(Data to examine)

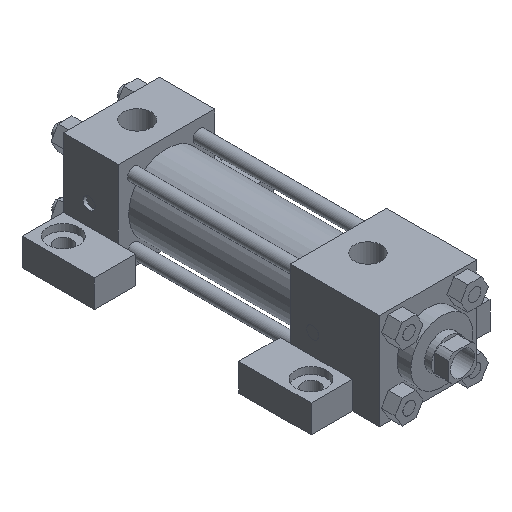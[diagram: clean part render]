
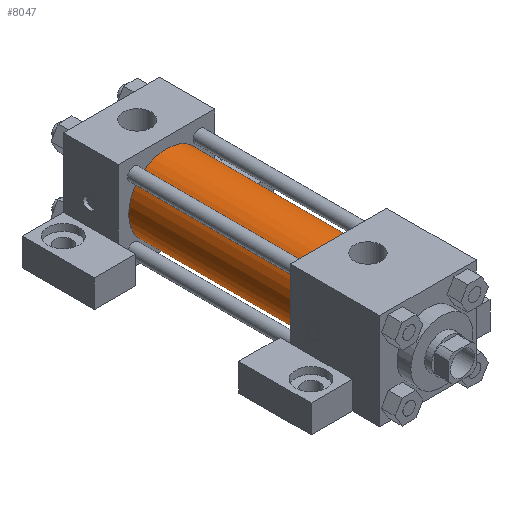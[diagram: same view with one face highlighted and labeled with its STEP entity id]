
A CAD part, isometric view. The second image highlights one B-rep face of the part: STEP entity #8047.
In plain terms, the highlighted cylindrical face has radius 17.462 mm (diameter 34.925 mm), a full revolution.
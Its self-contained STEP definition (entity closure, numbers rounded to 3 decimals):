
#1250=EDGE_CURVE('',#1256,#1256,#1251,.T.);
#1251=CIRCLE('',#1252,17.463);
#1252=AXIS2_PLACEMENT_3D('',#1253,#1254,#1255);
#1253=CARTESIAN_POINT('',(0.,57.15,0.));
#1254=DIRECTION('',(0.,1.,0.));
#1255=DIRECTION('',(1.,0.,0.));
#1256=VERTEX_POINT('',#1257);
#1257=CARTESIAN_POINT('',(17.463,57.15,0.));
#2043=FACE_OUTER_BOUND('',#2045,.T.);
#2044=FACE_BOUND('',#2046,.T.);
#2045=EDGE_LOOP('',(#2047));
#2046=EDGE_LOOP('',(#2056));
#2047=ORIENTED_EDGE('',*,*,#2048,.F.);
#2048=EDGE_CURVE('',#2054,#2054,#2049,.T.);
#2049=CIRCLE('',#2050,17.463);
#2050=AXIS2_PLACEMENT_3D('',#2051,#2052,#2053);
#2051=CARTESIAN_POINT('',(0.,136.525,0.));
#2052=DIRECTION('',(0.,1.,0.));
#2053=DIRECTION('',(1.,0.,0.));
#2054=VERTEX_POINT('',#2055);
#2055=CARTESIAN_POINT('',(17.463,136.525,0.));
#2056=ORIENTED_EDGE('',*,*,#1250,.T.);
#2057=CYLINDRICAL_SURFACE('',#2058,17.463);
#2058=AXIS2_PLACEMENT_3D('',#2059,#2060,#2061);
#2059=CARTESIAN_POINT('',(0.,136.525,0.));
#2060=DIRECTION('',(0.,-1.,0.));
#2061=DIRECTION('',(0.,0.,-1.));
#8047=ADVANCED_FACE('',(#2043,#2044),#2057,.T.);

(End Data to examine)

▶ **Problem requirements**
Set down all of the entries exactly as they stand, without any image.

▶ **Exercise output**
[diagram: clean part render]
[diagram: same view with one face highlighted and labeled with its STEP entity id]
A CAD part, isometric view. The second image highlights one B-rep face of the part: STEP entity #8047.
In plain terms, the highlighted cylindrical face has radius 17.462 mm (diameter 34.925 mm), a full revolution.
Its self-contained STEP definition (entity closure, numbers rounded to 3 decimals):
#1250=EDGE_CURVE('',#1256,#1256,#1251,.T.);
#1251=CIRCLE('',#1252,17.463);
#1252=AXIS2_PLACEMENT_3D('',#1253,#1254,#1255);
#1253=CARTESIAN_POINT('',(0.,57.15,0.));
#1254=DIRECTION('',(0.,1.,0.));
#1255=DIRECTION('',(1.,0.,0.));
#1256=VERTEX_POINT('',#1257);
#1257=CARTESIAN_POINT('',(17.463,57.15,0.));
#2043=FACE_OUTER_BOUND('',#2045,.T.);
#2044=FACE_BOUND('',#2046,.T.);
#2045=EDGE_LOOP('',(#2047));
#2046=EDGE_LOOP('',(#2056));
#2047=ORIENTED_EDGE('',*,*,#2048,.F.);
#2048=EDGE_CURVE('',#2054,#2054,#2049,.T.);
#2049=CIRCLE('',#2050,17.463);
#2050=AXIS2_PLACEMENT_3D('',#2051,#2052,#2053);
#2051=CARTESIAN_POINT('',(0.,136.525,0.));
#2052=DIRECTION('',(0.,1.,0.));
#2053=DIRECTION('',(1.,0.,0.));
#2054=VERTEX_POINT('',#2055);
#2055=CARTESIAN_POINT('',(17.463,136.525,0.));
#2056=ORIENTED_EDGE('',*,*,#1250,.T.);
#2057=CYLINDRICAL_SURFACE('',#2058,17.463);
#2058=AXIS2_PLACEMENT_3D('',#2059,#2060,#2061);
#2059=CARTESIAN_POINT('',(0.,136.525,0.));
#2060=DIRECTION('',(0.,-1.,0.));
#2061=DIRECTION('',(0.,0.,-1.));
#8047=ADVANCED_FACE('',(#2043,#2044),#2057,.T.);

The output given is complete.